Problem statement. What lines of the data below include the word "floating"? Report them by copying each.
Segment Start: Record set
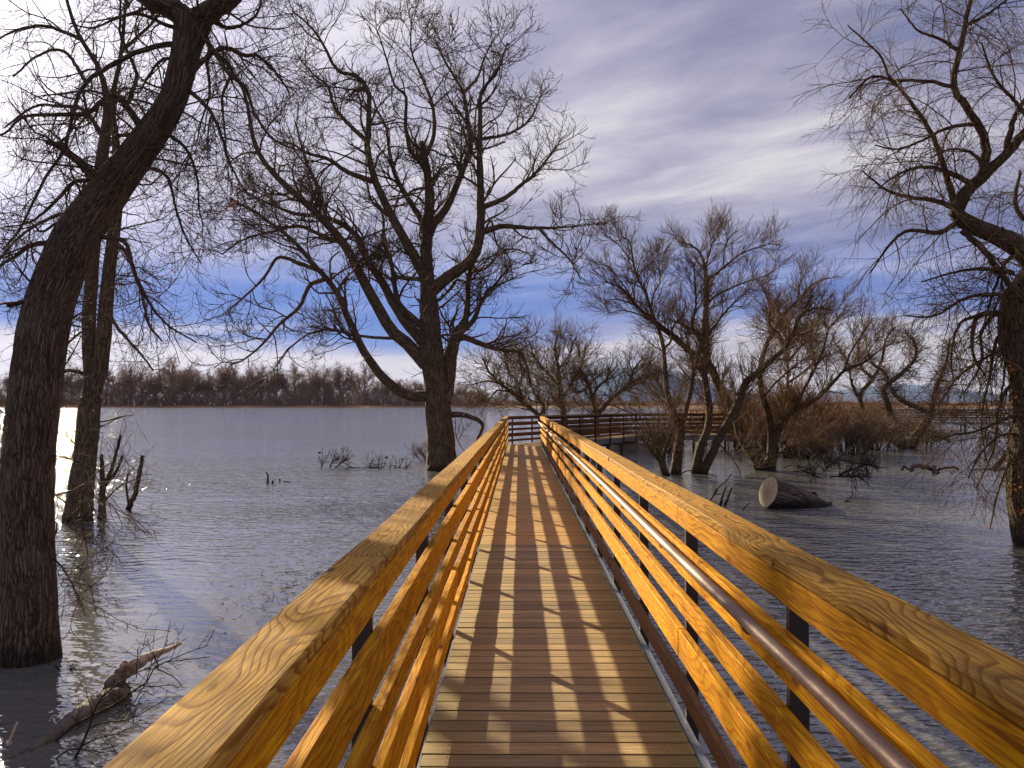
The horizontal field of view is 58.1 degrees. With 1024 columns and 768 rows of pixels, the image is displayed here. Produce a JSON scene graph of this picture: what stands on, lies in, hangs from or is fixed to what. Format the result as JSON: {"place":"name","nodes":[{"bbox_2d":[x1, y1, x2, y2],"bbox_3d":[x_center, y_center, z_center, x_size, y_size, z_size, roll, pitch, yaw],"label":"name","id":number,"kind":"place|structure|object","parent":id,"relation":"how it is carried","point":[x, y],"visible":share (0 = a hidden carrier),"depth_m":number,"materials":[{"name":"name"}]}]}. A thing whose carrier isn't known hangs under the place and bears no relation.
{"place":"outdoors","nodes":[
{"label":"outdoors","id":0,"kind":"place"},
{"bbox_2d":[210,552,341,632],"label":"water weeds","id":1,"kind":"object","parent":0,"point":[283,583],"visible":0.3,"depth_m":11.73,"materials":[{"name":"brown plant"}]},
{"bbox_2d":[0,404,1008,406],"bbox_3d":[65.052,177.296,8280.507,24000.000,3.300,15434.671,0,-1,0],"label":"ground","id":2,"kind":"structure","parent":0,"point":[328,405],"depth_m":579.54,"materials":[{"name":"brown soil"}]},
{"bbox_2d":[0,371,8,397],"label":"tree","id":3,"kind":"object","parent":2,"relation":"on","point":[5,385],"visible":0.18,"depth_m":600.40,"materials":[{"name":"brown plant"}]},
{"bbox_2d":[62,374,75,393],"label":"tree","id":4,"kind":"object","parent":2,"relation":"on","point":[67,383],"visible":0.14,"depth_m":598.41,"materials":[{"name":"brown plant"}]},
{"bbox_2d":[63,362,82,400],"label":"tree","id":5,"kind":"object","parent":2,"relation":"on","point":[74,385],"visible":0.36,"depth_m":601.37,"materials":[{"name":"brown plant"}]},
{"bbox_2d":[71,362,106,395],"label":"tree","id":6,"kind":"object","parent":2,"relation":"on","point":[77,385],"visible":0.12,"depth_m":603.91,"materials":[{"name":"brown plant"}]},
{"bbox_2d":[80,368,121,396],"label":"tree","id":7,"kind":"object","parent":2,"relation":"on","point":[111,377],"visible":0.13,"depth_m":617.07,"materials":[{"name":"brown plant"}]},
{"bbox_2d":[104,363,143,395],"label":"tree","id":8,"kind":"object","parent":2,"relation":"on","point":[118,381],"visible":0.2,"depth_m":610.92,"materials":[{"name":"brown plant"}]},
{"bbox_2d":[117,357,163,405],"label":"tree","id":9,"kind":"object","parent":2,"relation":"on","point":[139,380],"visible":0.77,"depth_m":592.66,"materials":[{"name":"brown plant"}]},
{"bbox_2d":[144,369,169,402],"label":"tree","id":10,"kind":"object","parent":2,"relation":"on","point":[148,374],"visible":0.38,"depth_m":595.84,"materials":[{"name":"brown plant"}]},
{"bbox_2d":[148,353,201,405],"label":"tree","id":11,"kind":"object","parent":2,"relation":"on","point":[182,378],"visible":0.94,"depth_m":588.80,"materials":[{"name":"brown plant"}]},
{"bbox_2d":[156,356,213,397],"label":"tree","id":12,"kind":"object","parent":2,"relation":"on","point":[194,370],"visible":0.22,"depth_m":618.54,"materials":[{"name":"brown plant"}]},
{"bbox_2d":[192,372,220,398],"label":"tree","id":13,"kind":"object","parent":2,"relation":"on","point":[200,385],"visible":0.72,"depth_m":611.91,"materials":[{"name":"brown plant"}]},
{"bbox_2d":[203,362,239,394],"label":"tree","id":14,"kind":"object","parent":2,"relation":"on","point":[218,376],"visible":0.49,"depth_m":615.26,"materials":[{"name":"brown plant"}]},
{"bbox_2d":[211,364,253,396],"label":"tree","id":15,"kind":"object","parent":2,"relation":"on","point":[234,370],"visible":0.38,"depth_m":610.40,"materials":[{"name":"brown plant"}]},
{"bbox_2d":[228,366,267,403],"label":"tree","id":16,"kind":"object","parent":2,"relation":"on","point":[240,384],"visible":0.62,"depth_m":598.19,"materials":[{"name":"brown plant"}]},
{"bbox_2d":[244,357,273,395],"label":"tree","id":17,"kind":"object","parent":2,"relation":"on","point":[259,371],"visible":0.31,"depth_m":616.07,"materials":[{"name":"brown plant"}]},
{"bbox_2d":[259,365,292,398],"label":"tree","id":18,"kind":"object","parent":2,"relation":"on","point":[270,384],"visible":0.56,"depth_m":608.68,"materials":[{"name":"brown plant"}]},
{"bbox_2d":[273,362,309,402],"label":"tree","id":19,"kind":"object","parent":2,"relation":"on","point":[295,371],"visible":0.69,"depth_m":610.27,"materials":[{"name":"brown plant"}]},
{"bbox_2d":[295,366,326,398],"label":"tree","id":20,"kind":"object","parent":2,"relation":"on","point":[304,376],"visible":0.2,"depth_m":614.89,"materials":[{"name":"brown plant"}]},
{"bbox_2d":[305,364,342,403],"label":"tree","id":21,"kind":"object","parent":2,"relation":"on","point":[317,382],"visible":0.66,"depth_m":597.86,"materials":[{"name":"brown plant"}]},
{"bbox_2d":[322,360,359,405],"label":"tree","id":22,"kind":"object","parent":2,"relation":"on","point":[338,376],"visible":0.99,"depth_m":588.91,"materials":[{"name":"brown plant"}]},
{"bbox_2d":[348,361,380,404],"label":"tree","id":23,"kind":"object","parent":2,"relation":"on","point":[364,383],"visible":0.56,"depth_m":613.00,"materials":[{"name":"brown plant"}]},
{"bbox_2d":[371,371,404,401],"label":"tree","id":24,"kind":"object","parent":2,"relation":"on","point":[383,388],"visible":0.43,"depth_m":604.69,"materials":[{"name":"plant"}]},
{"bbox_2d":[392,378,410,400],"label":"tree","id":25,"kind":"object","parent":2,"relation":"on","point":[404,384],"visible":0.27,"depth_m":608.71,"materials":[{"name":"plant"}]},
{"bbox_2d":[407,377,424,390],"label":"tree","id":26,"kind":"object","parent":2,"relation":"on","point":[419,385],"visible":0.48,"depth_m":616.87,"materials":[{"name":"plant"}]},
{"bbox_2d":[454,381,476,404],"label":"tree","id":27,"kind":"object","parent":2,"relation":"on","point":[459,391],"visible":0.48,"depth_m":596.33,"materials":[{"name":"plant"}]},
{"bbox_2d":[473,387,490,405],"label":"tree","id":28,"kind":"object","parent":2,"relation":"on","point":[482,395],"visible":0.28,"depth_m":589.52,"materials":[{"name":"plant"}]},
{"bbox_2d":[493,388,510,403],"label":"tree","id":29,"kind":"object","parent":2,"relation":"on","point":[502,396],"visible":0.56,"depth_m":604.71,"materials":[{"name":"plant"}]},
{"bbox_2d":[0,385,1008,405],"bbox_3d":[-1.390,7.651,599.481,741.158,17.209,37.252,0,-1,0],"label":"undergrowth","id":30,"kind":"object","parent":2,"relation":"on","point":[374,399],"visible":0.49,"depth_m":590.51,"materials":[{"name":"brown plant"}]},
{"bbox_2d":[695,393,703,403],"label":"tree","id":31,"kind":"object","parent":2,"relation":"on","point":[698,398],"visible":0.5,"depth_m":595.44,"materials":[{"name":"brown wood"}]},
{"bbox_2d":[0,407,1023,767],"bbox_3d":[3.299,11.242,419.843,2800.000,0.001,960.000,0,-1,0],"label":"water","id":32,"kind":"structure","parent":0,"point":[230,523],"depth_m":15.05,"materials":[{"name":"grey liquid"}]},
{"bbox_2d":[7,722,18,745],"bbox_3d":[-3.023,2.119,5.580,0.069,0.146,0.019,0,-1,0],"label":"reed stub","id":33,"kind":"object","parent":32,"relation":"on","point":[11,736],"visible":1,"depth_m":5.58,"materials":[{"name":"plant"}]},
{"bbox_2d":[54,661,79,669],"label":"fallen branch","id":34,"kind":"object","parent":32,"relation":"on","point":[55,666],"visible":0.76,"depth_m":7.97,"materials":[{"name":"brown wood"}]},
{"bbox_2d":[5,687,131,758],"bbox_3d":[-3.151,2.434,6.610,0.191,0.246,1.341,0,-1,11],"label":"driftwood log","id":35,"kind":"object","parent":32,"relation":"on","point":[67,721],"visible":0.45,"depth_m":6.59,"materials":[{"name":"brown wood"}]},
{"bbox_2d":[54,629,214,741],"bbox_3d":[-2.666,2.143,6.245,1.290,0.955,0.290,0,-1,0],"label":"fallen branch","id":36,"kind":"object","parent":35,"relation":"on","point":[86,718],"visible":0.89,"depth_m":6.28,"materials":[{"name":"brown wood"}]},
{"bbox_2d":[0,0,195,522],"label":"twin stemmed tree","id":37,"kind":"object","parent":32,"relation":"in","point":[91,396],"visible":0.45,"depth_m":17.89,"materials":[{"name":"brown plant"}]},
{"bbox_2d":[55,622,187,759],"bbox_3d":[-2.568,2.010,6.015,0.908,0.968,0.415,0,-1,0],"label":"fallen branch","id":38,"kind":"object","parent":32,"relation":"on","point":[92,715],"visible":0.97,"depth_m":5.97,"materials":[{"name":"brown wood"}]},
{"bbox_2d":[94,416,155,518],"bbox_3d":[-7.908,1.684,18.395,1.669,2.211,1.174,0,-1,0],"label":"dead snag","id":39,"kind":"object","parent":32,"relation":"on","point":[109,474],"visible":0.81,"depth_m":18.42,"materials":[{"name":"brown wood"}]},
{"bbox_2d":[108,442,162,510],"bbox_3d":[-8.089,1.968,19.757,1.364,1.530,1.317,1,-1,-29],"label":"leaning stake","id":40,"kind":"object","parent":32,"relation":"on","point":[130,501],"visible":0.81,"depth_m":19.79,"materials":[{"name":"plant"}]},
{"bbox_2d":[103,642,181,690],"bbox_3d":[-3.029,2.318,7.576,0.241,0.241,0.692,0,-1,16],"label":"driftwood log","id":41,"kind":"object","parent":32,"relation":"on","point":[144,659],"visible":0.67,"depth_m":7.44,"materials":[{"name":"wood"}]},
{"bbox_2d":[0,0,349,668],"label":"leaning tree","id":42,"kind":"object","parent":32,"relation":"on","point":[30,616],"visible":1,"depth_m":8.65,"materials":[{"name":"brown plant"}]},
{"bbox_2d":[266,472,273,483],"bbox_3d":[-6.973,2.751,26.506,0.236,0.435,0.076,0,-1,0],"label":"dead stake","id":43,"kind":"object","parent":32,"relation":"on","point":[267,481],"visible":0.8,"depth_m":26.49,"materials":[{"name":"brown wood"}]},
{"bbox_2d":[317,447,414,468],"bbox_3d":[-5.258,2.617,33.080,3.633,0.890,1.204,0,-1,0],"label":"floating brush","id":44,"kind":"object","parent":32,"relation":"on","point":[345,458],"visible":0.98,"depth_m":32.98,"materials":[{"name":"brown wood"}]},
{"bbox_2d":[158,0,644,470],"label":"cottonwood tree","id":45,"kind":"object","parent":32,"relation":"in","point":[432,360],"visible":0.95,"depth_m":31.78,"materials":[{"name":"brown plant"}]},
{"bbox_2d":[401,443,425,460],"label":"willow thicket shrub","id":46,"kind":"object","parent":32,"relation":"on","point":[420,451],"visible":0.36,"depth_m":36.99,"materials":[{"name":"brown plant"}]},
{"bbox_2d":[452,327,561,439],"bbox_3d":[-0.480,0.335,46.205,6.106,6.461,5.142,0,-1,0],"label":"bare tree","id":47,"kind":"object","parent":32,"relation":"on","point":[519,396],"visible":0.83,"depth_m":45.90,"materials":[{"name":"brown plant"}]},
{"bbox_2d":[505,306,610,437],"bbox_3d":[2.321,-0.561,53.909,6.659,8.403,4.724,0,-1,-14],"label":"bare tree","id":48,"kind":"object","parent":32,"relation":"on","point":[556,349],"visible":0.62,"depth_m":53.83,"materials":[{"name":"brown plant"}]},
{"bbox_2d":[103,416,1023,767],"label":"boardwalk","id":49,"kind":"structure","parent":32,"relation":"on","point":[545,656],"depth_m":3.82,"materials":[{"name":"brown wood"}]},
{"bbox_2d":[508,413,638,457],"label":"boardwalk","id":50,"kind":"structure","parent":32,"relation":"on","point":[607,439],"depth_m":40.03,"materials":[{"name":"brown wood"}]},
{"bbox_2d":[539,334,687,434],"bbox_3d":[5.534,0.286,50.067,8.029,6.407,4.362,0,-1,-8],"label":"bare tree","id":51,"kind":"object","parent":32,"relation":"on","point":[587,387],"visible":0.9,"depth_m":49.86,"materials":[{"name":"brown plant"}]},
{"bbox_2d":[610,443,653,451],"bbox_3d":[5.790,3.377,44.933,1.800,0.960,1.400,-1,-2,40],"label":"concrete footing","id":52,"kind":"object","parent":32,"relation":"on","point":[628,447],"visible":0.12,"depth_m":44.20,"materials":[{"name":"grey concrete"}]},
{"bbox_2d":[590,373,705,475],"bbox_3d":[4.368,1.321,29.429,3.744,3.319,2.481,0,-1,0],"label":"pollard stump","id":53,"kind":"object","parent":32,"relation":"on","point":[660,459],"visible":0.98,"depth_m":29.38,"materials":[{"name":"brown plant"}]},
{"bbox_2d":[579,201,729,474],"bbox_3d":[4.918,-1.508,30.536,4.994,9.271,3.051,-1,-2,39],"label":"willow tree","id":54,"kind":"object","parent":32,"relation":"in","point":[676,465],"visible":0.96,"depth_m":29.94,"materials":[{"name":"brown plant"}]},
{"bbox_2d":[625,422,696,454],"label":"willow thicket shrub","id":55,"kind":"object","parent":32,"relation":"on","point":[669,451],"visible":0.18,"depth_m":41.66,"materials":[{"name":"brown plant"}]},
{"bbox_2d":[623,353,700,417],"bbox_3d":[9.621,0.735,58.018,6.191,6.066,4.124,0,-1,-8],"label":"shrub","id":56,"kind":"object","parent":32,"relation":"on","point":[657,387],"visible":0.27,"depth_m":57.83,"materials":[{"name":"brown plant"}]},
{"bbox_2d":[661,399,723,445],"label":"willow thicket shrub","id":57,"kind":"object","parent":32,"relation":"on","point":[697,404],"visible":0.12,"depth_m":49.79,"materials":[{"name":"brown plant"}]},
{"bbox_2d":[678,470,716,476],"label":"fallen branch","id":58,"kind":"object","parent":32,"relation":"on","point":[695,470],"visible":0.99,"depth_m":28.89,"materials":[{"name":"wood"}]},
{"bbox_2d":[618,413,806,449],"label":"boardwalk","id":59,"kind":"structure","parent":32,"relation":"on","point":[713,436],"depth_m":45.83,"materials":[{"name":"brown wood"}]},
{"bbox_2d":[709,474,731,499],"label":"dead branch","id":60,"kind":"object","parent":32,"relation":"on","point":[715,491],"visible":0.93,"depth_m":21.90,"materials":[{"name":"brown wood"}]},
{"bbox_2d":[719,487,732,505],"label":"dead branch","id":61,"kind":"object","parent":32,"relation":"on","point":[726,501],"visible":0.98,"depth_m":20.80,"materials":[{"name":"brown wood"}]},
{"bbox_2d":[701,389,775,448],"bbox_3d":[11.999,1.809,47.166,4.546,3.270,5.836,0,-1,2],"label":"willow thicket shrub","id":62,"kind":"object","parent":32,"relation":"on","point":[729,430],"visible":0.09,"depth_m":46.64,"materials":[{"name":"brown plant"}]},
{"bbox_2d":[633,197,863,474],"bbox_3d":[7.503,-1.696,30.094,7.217,9.546,3.778,0,-1,0],"label":"willow tree","id":63,"kind":"object","parent":32,"relation":"in","point":[699,463],"visible":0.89,"depth_m":30.19,"materials":[{"name":"brown plant"}]},
{"bbox_2d":[573,240,926,470],"bbox_3d":[7.749,-1.007,31.564,11.919,8.113,3.595,0,-1,-3],"label":"willow tree","id":64,"kind":"object","parent":32,"relation":"in","point":[794,404],"visible":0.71,"depth_m":31.50,"materials":[{"name":"brown plant"}]},
{"bbox_2d":[683,409,821,429],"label":"boardwalk","id":65,"kind":"structure","parent":32,"relation":"on","point":[703,412],"depth_m":79.25,"materials":[{"name":"brown wood"}]},
{"bbox_2d":[720,373,801,452],"bbox_3d":[12.538,1.361,43.743,5.836,4.040,4.546,1,-2,-44],"label":"willow thicket shrub","id":66,"kind":"object","parent":32,"relation":"on","point":[763,441],"visible":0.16,"depth_m":43.53,"materials":[{"name":"brown plant"}]},
{"bbox_2d":[678,409,884,425],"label":"boardwalk","id":67,"kind":"structure","parent":32,"relation":"on","point":[811,410],"depth_m":82.02,"materials":[{"name":"brown wood"}]},
{"bbox_2d":[759,477,832,508],"bbox_3d":[6.480,2.542,20.563,1.943,0.966,0.686,0,-1,-17],"label":"sawn log","id":68,"kind":"object","parent":32,"relation":"on","point":[775,493],"visible":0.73,"depth_m":20.21,"materials":[{"name":"brown wood"}]},
{"bbox_2d":[734,281,860,402],"bbox_3d":[15.314,-1.326,49.592,6.817,8.969,4.576,0,-1,0],"label":"bare tree","id":69,"kind":"object","parent":32,"relation":"on","point":[787,363],"visible":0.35,"depth_m":49.57,"materials":[{"name":"brown plant"}]},
{"bbox_2d":[744,373,863,457],"bbox_3d":[12.620,1.365,39.516,5.836,3.848,4.546,0,-1,-18],"label":"willow thicket shrub","id":70,"kind":"object","parent":32,"relation":"on","point":[787,428],"visible":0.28,"depth_m":39.57,"materials":[{"name":"brown plant"}]},
{"bbox_2d":[765,426,845,458],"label":"willow thicket shrub","id":71,"kind":"object","parent":32,"relation":"on","point":[820,449],"visible":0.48,"depth_m":38.46,"materials":[{"name":"brown plant"}]},
{"bbox_2d":[768,378,862,453],"bbox_3d":[13.857,1.526,42.678,4.546,3.655,5.836,0,-1,12],"label":"willow thicket shrub","id":72,"kind":"object","parent":32,"relation":"on","point":[831,413],"visible":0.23,"depth_m":42.46,"materials":[{"name":"brown plant"}]},
{"bbox_2d":[800,487,831,503],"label":"drift branch","id":73,"kind":"object","parent":32,"relation":"on","point":[816,494],"visible":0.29,"depth_m":20.77,"materials":[{"name":"brown wood"}]},
{"bbox_2d":[784,444,888,492],"bbox_3d":[8.466,2.200,23.900,2.832,1.285,1.048,0,-1,0],"label":"floating brush","id":74,"kind":"object","parent":32,"relation":"on","point":[865,461],"visible":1,"depth_m":23.84,"materials":[{"name":"brown plant"}]},
{"bbox_2d":[796,408,899,454],"bbox_3d":[15.009,2.192,41.705,4.703,2.269,3.729,-1,-1,27],"label":"willow thicket shrub","id":75,"kind":"object","parent":32,"relation":"on","point":[855,438],"visible":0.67,"depth_m":41.27,"materials":[{"name":"brown plant"}]},
{"bbox_2d":[844,481,852,502],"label":"bent twig","id":76,"kind":"object","parent":32,"relation":"on","point":[845,501],"visible":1,"depth_m":20.58,"materials":[{"name":"brown wood"}]},
{"bbox_2d":[827,392,901,445],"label":"willow thicket shrub","id":77,"kind":"object","parent":32,"relation":"on","point":[847,404],"visible":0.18,"depth_m":49.61,"materials":[{"name":"brown plant"}]},
{"bbox_2d":[830,315,904,444],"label":"crooked tree","id":78,"kind":"object","parent":32,"relation":"on","point":[862,389],"visible":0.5,"depth_m":52.16,"materials":[{"name":"brown plant"}]},
{"bbox_2d":[839,408,907,450],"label":"willow thicket shrub","id":79,"kind":"object","parent":32,"relation":"on","point":[880,440],"visible":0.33,"depth_m":45.41,"materials":[{"name":"brown plant"}]},
{"bbox_2d":[850,394,897,415],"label":"willow thicket shrub","id":80,"kind":"object","parent":32,"relation":"on","point":[870,403],"visible":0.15,"depth_m":124.24,"materials":[{"name":"brown plant"}]},
{"bbox_2d":[868,405,921,440],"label":"willow thicket shrub","id":81,"kind":"object","parent":32,"relation":"on","point":[897,420],"visible":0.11,"depth_m":55.44,"materials":[{"name":"brown plant"}]},
{"bbox_2d":[782,0,1023,546],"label":"twisted tree","id":82,"kind":"object","parent":32,"relation":"on","point":[1009,328],"visible":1,"depth_m":14.92,"materials":[{"name":"brown plant"}]},
{"bbox_2d":[853,318,966,448],"bbox_3d":[20.276,0.115,46.857,6.624,6.929,3.115,0,-1,0],"label":"crooked tree","id":83,"kind":"object","parent":32,"relation":"on","point":[887,384],"visible":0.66,"depth_m":46.68,"materials":[{"name":"brown plant"}]},
{"bbox_2d":[899,418,955,446],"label":"willow thicket shrub","id":84,"kind":"object","parent":32,"relation":"on","point":[907,432],"visible":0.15,"depth_m":49.56,"materials":[{"name":"brown plant"}]},
{"bbox_2d":[901,463,959,474],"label":"drift branch","id":85,"kind":"object","parent":32,"relation":"on","point":[912,467],"visible":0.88,"depth_m":26.82,"materials":[{"name":"brown wood"}]},
{"bbox_2d":[927,402,973,416],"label":"willow thicket shrub","id":86,"kind":"object","parent":32,"relation":"on","point":[952,411],"visible":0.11,"depth_m":148.78,"materials":[{"name":"brown plant"}]},
{"bbox_2d":[896,409,1009,429],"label":"boardwalk","id":87,"kind":"structure","parent":32,"relation":"on","point":[956,419],"depth_m":79.75,"materials":[{"name":"brown wood"}]},
{"bbox_2d":[973,453,1004,471],"bbox_3d":[13.192,2.142,25.355,1.124,0.568,0.218,0,-1,0],"label":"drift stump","id":88,"kind":"object","parent":32,"relation":"on","point":[999,464],"visible":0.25,"depth_m":25.30,"materials":[{"name":"brown wood"}]},
{"bbox_2d":[0,0,1023,396],"label":"sky","id":89,"kind":"structure","parent":0,"point":[685,104],"materials":[{"name":"blue"}]},
{"bbox_2d":[77,367,1008,403],"bbox_3d":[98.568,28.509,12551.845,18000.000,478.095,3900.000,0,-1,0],"label":"mountains","id":90,"kind":"structure","parent":0,"point":[915,388],"depth_m":11247.27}
]}
Segment End: Record set
Task answer.
{"bbox_2d":[317,447,414,468],"bbox_3d":[-5.258,2.617,33.080,3.633,0.890,1.204,0,-1,0],"label":"floating brush","id":44,"kind":"object","parent":32,"relation":"on","point":[345,458],"visible":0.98,"depth_m":32.98,"materials":[{"name":"brown wood"}]},
{"bbox_2d":[784,444,888,492],"bbox_3d":[8.466,2.200,23.900,2.832,1.285,1.048,0,-1,0],"label":"floating brush","id":74,"kind":"object","parent":32,"relation":"on","point":[865,461],"visible":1,"depth_m":23.84,"materials":[{"name":"brown plant"}]},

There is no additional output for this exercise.